A failure case occurred when MIGC generate "2 cats and 3 dogs".
When I used MIGC to generate "2 cats and 3 dogs", I found that the first dog below would still look like a "cat". Is there any way to improve this result?
I am using realisticVisionV51_v51VAE.safetensors, here are my parameters:
rompt_final = [['4k, best quality, masterpiece, ultra high res, ultra detailed,a cat,a cat,a dog,a dog,a dog,grass', 'a cat', 'a cat', 'a dog', 'a dog', 'a dog', 'grass']] bboxes = [[[0.078125, 0.09375, 0.390625, 0.359375], [0.515625, 0.09375, 0.859375, 0.359375], [0.078125, 0.515625, 0.34375, 0.90625], [0.421875, 0.515625, 0.671875, 0.921875], [0.71875, 0.484375, 0.953125, 0.921875], [0.015625, 0.015625, 0.984375, 0.96875]]] negative_prompt = 'worst quality, low quality, watermark, text, blurry' seed = 12573842233801288171 seed_everything(seed) image = pipe(prompt_final, bboxes, num_inference_steps=50, guidance_scale=8, MIGCsteps=25, NaiveFuserSteps=25, aug_phase_with_and=False, negative_prompt=negative_prompt).images[0]
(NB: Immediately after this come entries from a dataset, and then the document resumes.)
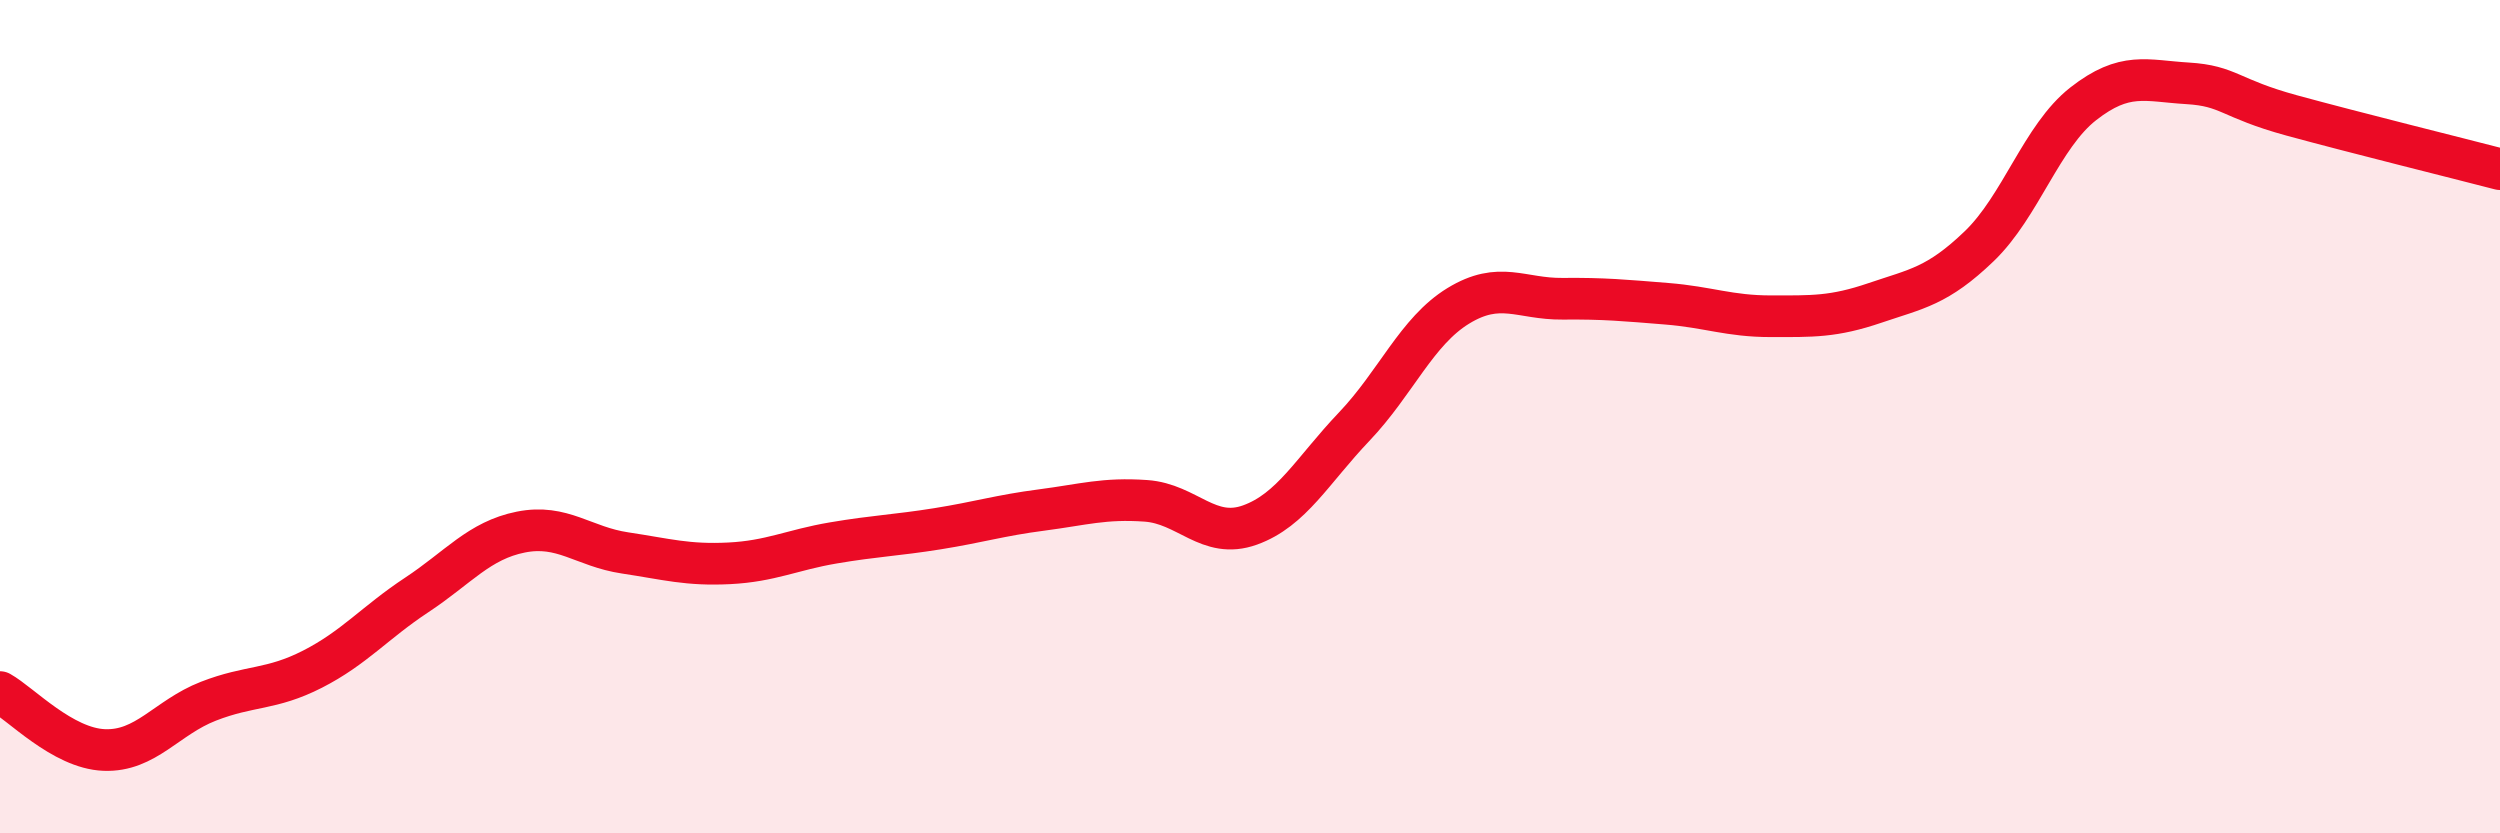 
    <svg width="60" height="20" viewBox="0 0 60 20" xmlns="http://www.w3.org/2000/svg">
      <path
        d="M 0,16.61 C 0.5,16.89 1.5,17.96 2.5,18 C 3.5,18.04 4,17.22 5,16.83 C 6,16.44 6.5,16.57 7.5,16.06 C 8.5,15.55 9,14.94 10,14.28 C 11,13.62 11.5,12.97 12.5,12.77 C 13.5,12.57 14,13.12 15,13.27 C 16,13.42 16.5,13.57 17.5,13.52 C 18.5,13.47 19,13.2 20,13.03 C 21,12.86 21.5,12.85 22.5,12.69 C 23.5,12.53 24,12.37 25,12.24 C 26,12.11 26.5,11.95 27.5,12.02 C 28.5,12.09 29,12.96 30,12.6 C 31,12.24 31.5,11.29 32.5,10.24 C 33.5,9.19 34,7.95 35,7.34 C 36,6.73 36.5,7.18 37.5,7.17 C 38.5,7.16 39,7.21 40,7.29 C 41,7.37 41.5,7.59 42.5,7.59 C 43.5,7.59 44,7.61 45,7.27 C 46,6.93 46.5,6.87 47.5,5.91 C 48.5,4.95 49,3.27 50,2.49 C 51,1.71 51.5,1.94 52.5,2 C 53.5,2.06 53.5,2.36 55,2.77 C 56.5,3.18 59,3.8 60,4.06L60 20L0 20Z"
        fill="#EB0A25"
        opacity="0.1"
        stroke-linecap="round"
        stroke-linejoin="round"
      />
      <path
        d="M 0,16.61 C 0.5,16.89 1.5,17.96 2.5,18 C 3.5,18.04 4,17.22 5,16.83 C 6,16.44 6.5,16.57 7.5,16.06 C 8.5,15.55 9,14.94 10,14.28 C 11,13.62 11.5,12.97 12.5,12.77 C 13.5,12.57 14,13.12 15,13.27 C 16,13.42 16.5,13.57 17.5,13.52 C 18.5,13.47 19,13.2 20,13.03 C 21,12.86 21.5,12.85 22.5,12.69 C 23.5,12.53 24,12.37 25,12.24 C 26,12.11 26.5,11.95 27.5,12.02 C 28.5,12.09 29,12.96 30,12.6 C 31,12.24 31.5,11.29 32.5,10.24 C 33.5,9.19 34,7.95 35,7.34 C 36,6.73 36.5,7.18 37.5,7.17 C 38.5,7.16 39,7.21 40,7.29 C 41,7.37 41.5,7.59 42.5,7.59 C 43.5,7.59 44,7.61 45,7.27 C 46,6.93 46.5,6.87 47.5,5.91 C 48.5,4.95 49,3.27 50,2.49 C 51,1.71 51.5,1.94 52.5,2 C 53.5,2.06 53.5,2.36 55,2.77 C 56.5,3.18 59,3.8 60,4.06"
        stroke="#EB0A25"
        stroke-width="1"
        fill="none"
        stroke-linecap="round"
        stroke-linejoin="round"
      />
    </svg>
  
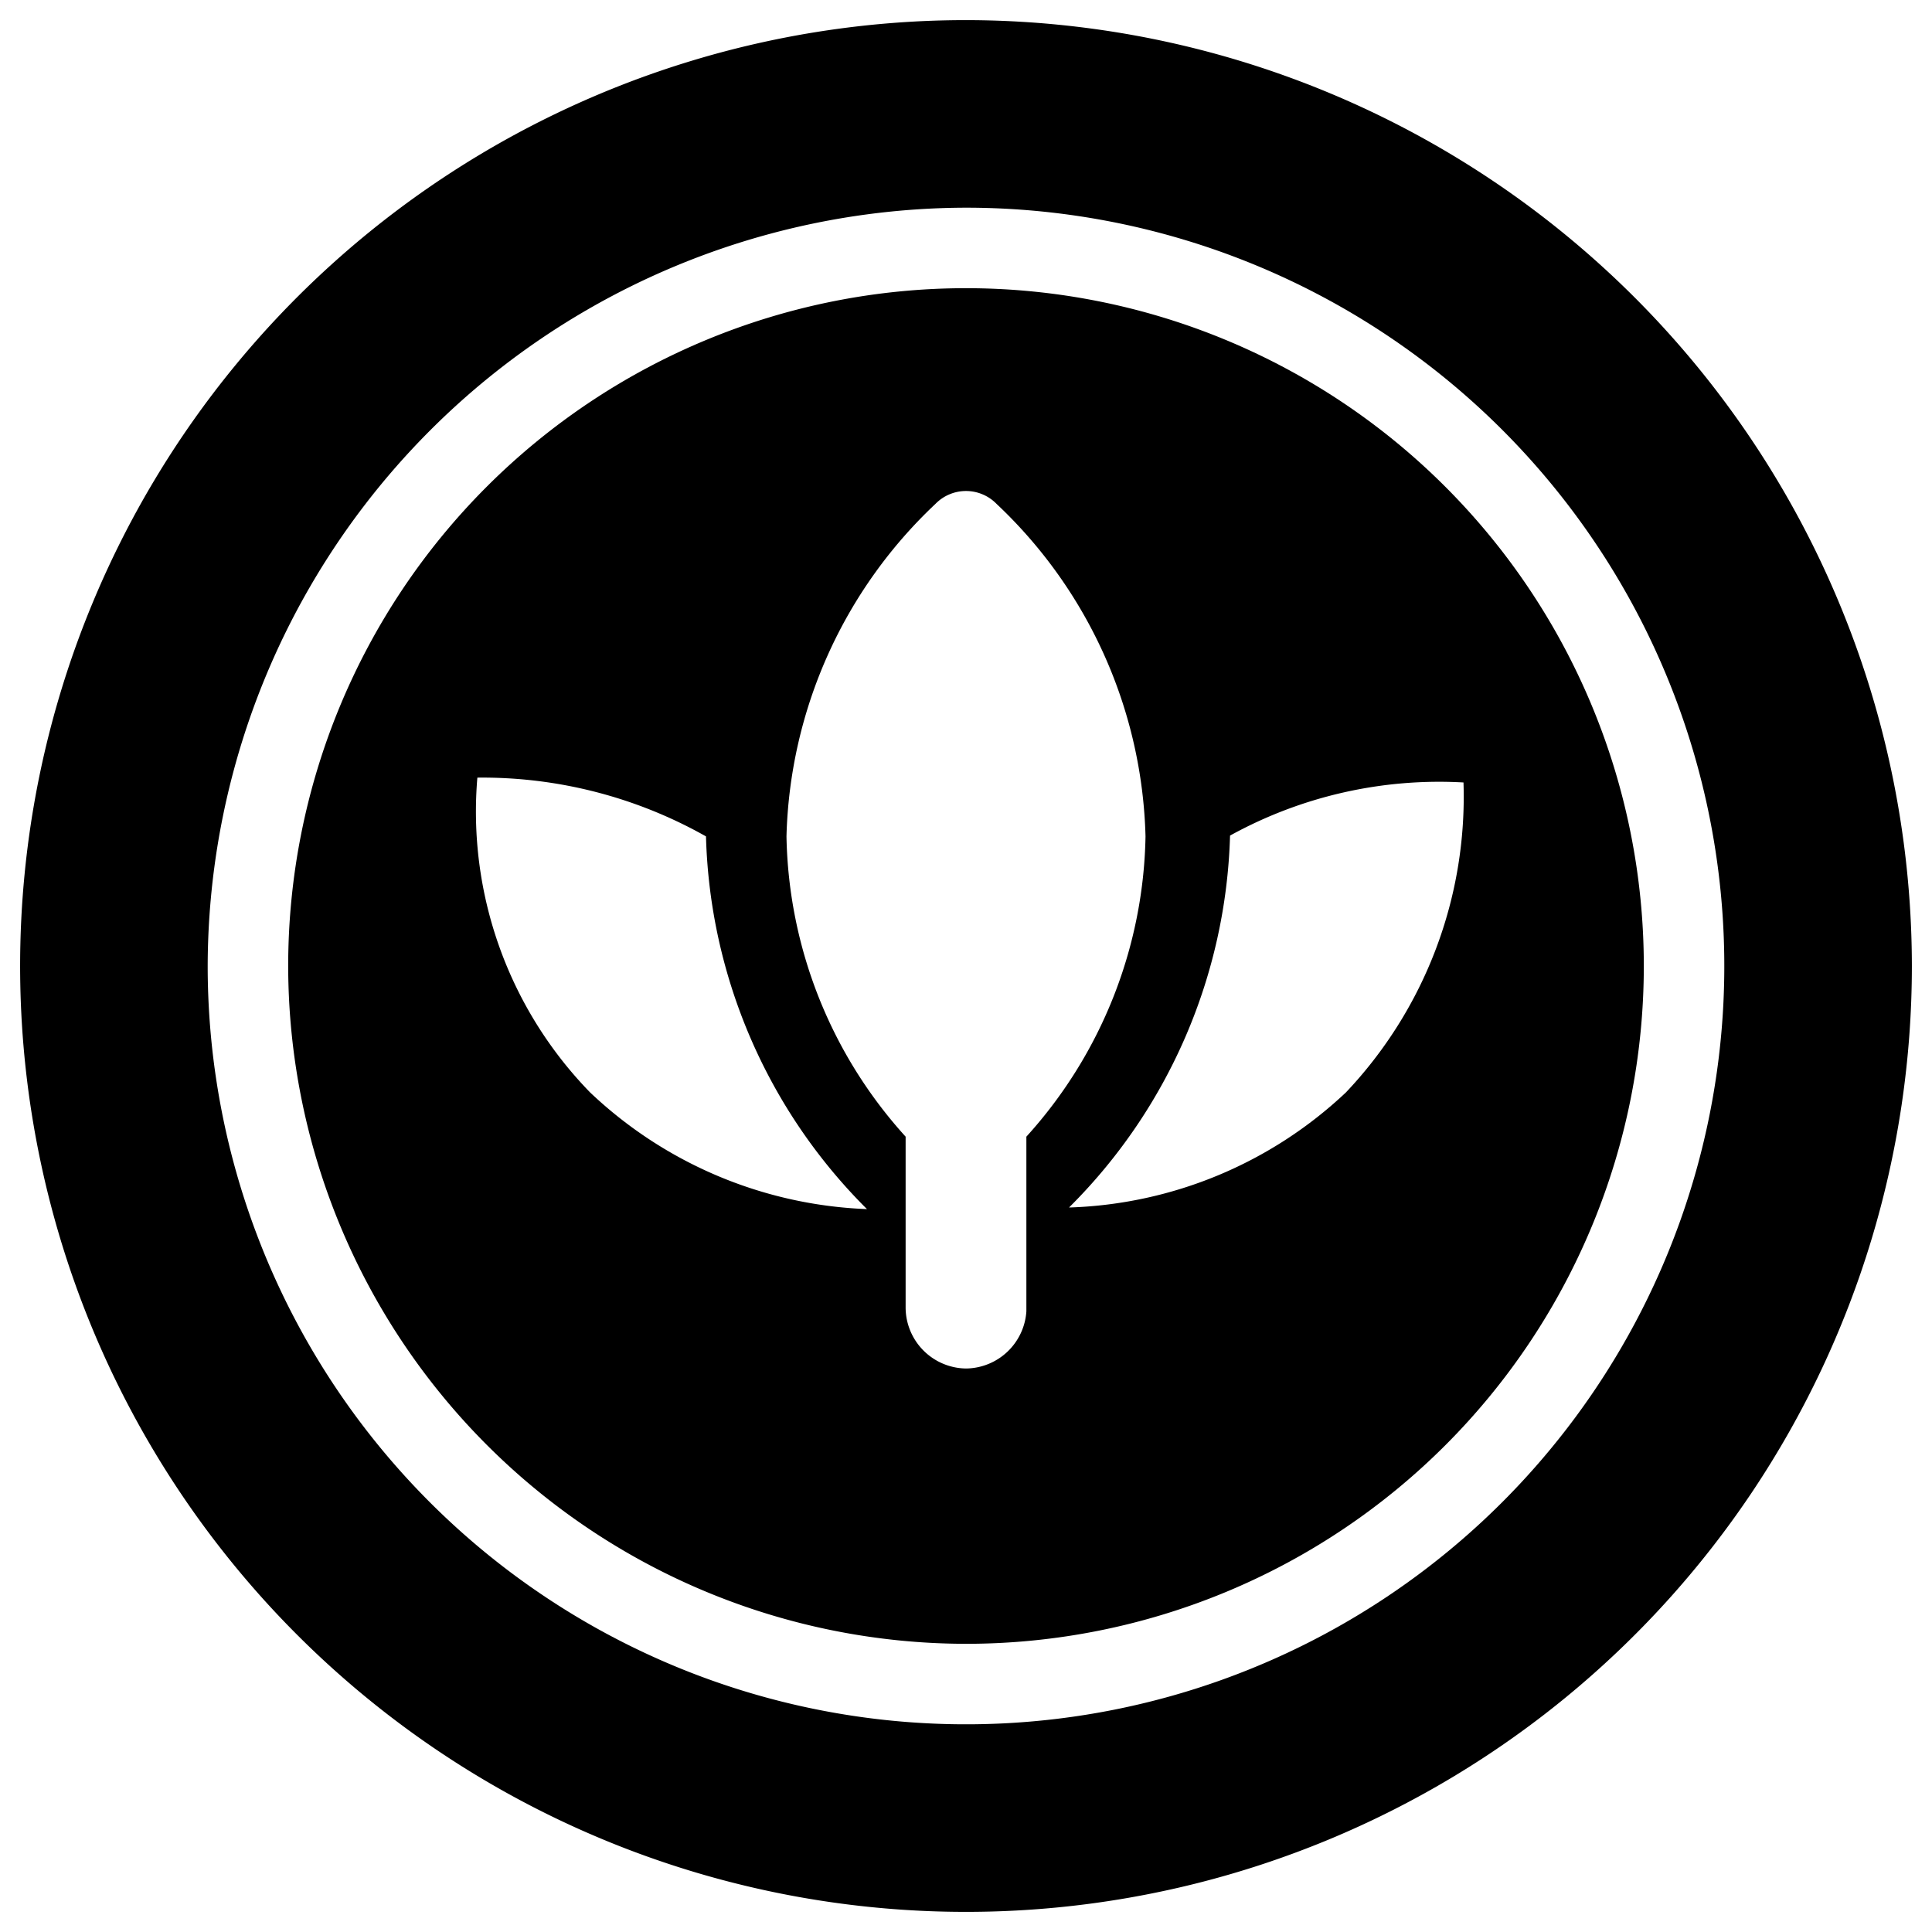 <svg xmlns="http://www.w3.org/2000/svg" viewBox="0 0 24 24"><g><path d="M12 0.25A11.75 11.75 0 1 0 23.75 12 11.76 11.76 0 0 0 12 0.25Zm0 2.33A9.42 9.42 0 1 1 2.58 12 9.44 9.44 0 0 1 12 2.58Z" fill="#000000" stroke-width="1"></path><path d="M12 20.42A8.42 8.42 0 1 0 3.58 12 8.43 8.43 0 0 0 12 20.42Zm6.18 -10.7a5.34 5.34 0 0 1 -1.46 3.85A5.25 5.25 0 0 1 13.28 15a6.78 6.78 0 0 0 2 -4.62 5.38 5.38 0 0 1 2.9 -0.66Zm-9.41 0.67a6.79 6.79 0 0 0 2 4.63 5.29 5.29 0 0 1 -3.44 -1.45 5 5 0 0 1 -1.4 -3.91 5.65 5.65 0 0 1 2.84 0.73ZM12 17a0.76 0.76 0 0 1 -0.75 -0.75v-2.13a5.7 5.7 0 0 1 -1.48 -3.73 5.88 5.88 0 0 1 1.85 -4.13 0.53 0.53 0 0 1 0.76 0 5.88 5.88 0 0 1 1.85 4.13 5.7 5.7 0 0 1 -1.48 3.73v2.17A0.76 0.76 0 0 1 12 17Z" fill="#000000" stroke-width="1"></path></g></svg>

And here are the images generated by MIGC:
"cat" and "dog" are two very similar tokens, which can easily lead to attribute leakage during cross-attention. You can increase NaiveFuserSteps to 50 (i.e., consistent with num_inference_steps=50) to avoid attribute leakage in the last 25 steps of sampling.
image = pipe(prompt_final, bboxes, num_inference_steps=50, guidance_scale=8, MIGCsteps=25, NaiveFuserSteps=50, aug_phase_with_and=False, negative_prompt=negative_prompt).images[0]
Here are the results:
I also face the same problem with SD1.4
prompt_final = [['masterpiece, best quality, gray colored cat, white colored fox', 'gray colored cat',
'white colored fox']]
bboxes = [[[0.5625, 0.101875, 0.984375, 0.5275],
[0.171875, 0.109375, 0.46875, 0.515625]]]
@yuntaodu Thank you for your interest in our work. As a result, have you set NaiveFuserSteps to be consistent with num_inference_steps to avoid attribute leakage to the greatest extent?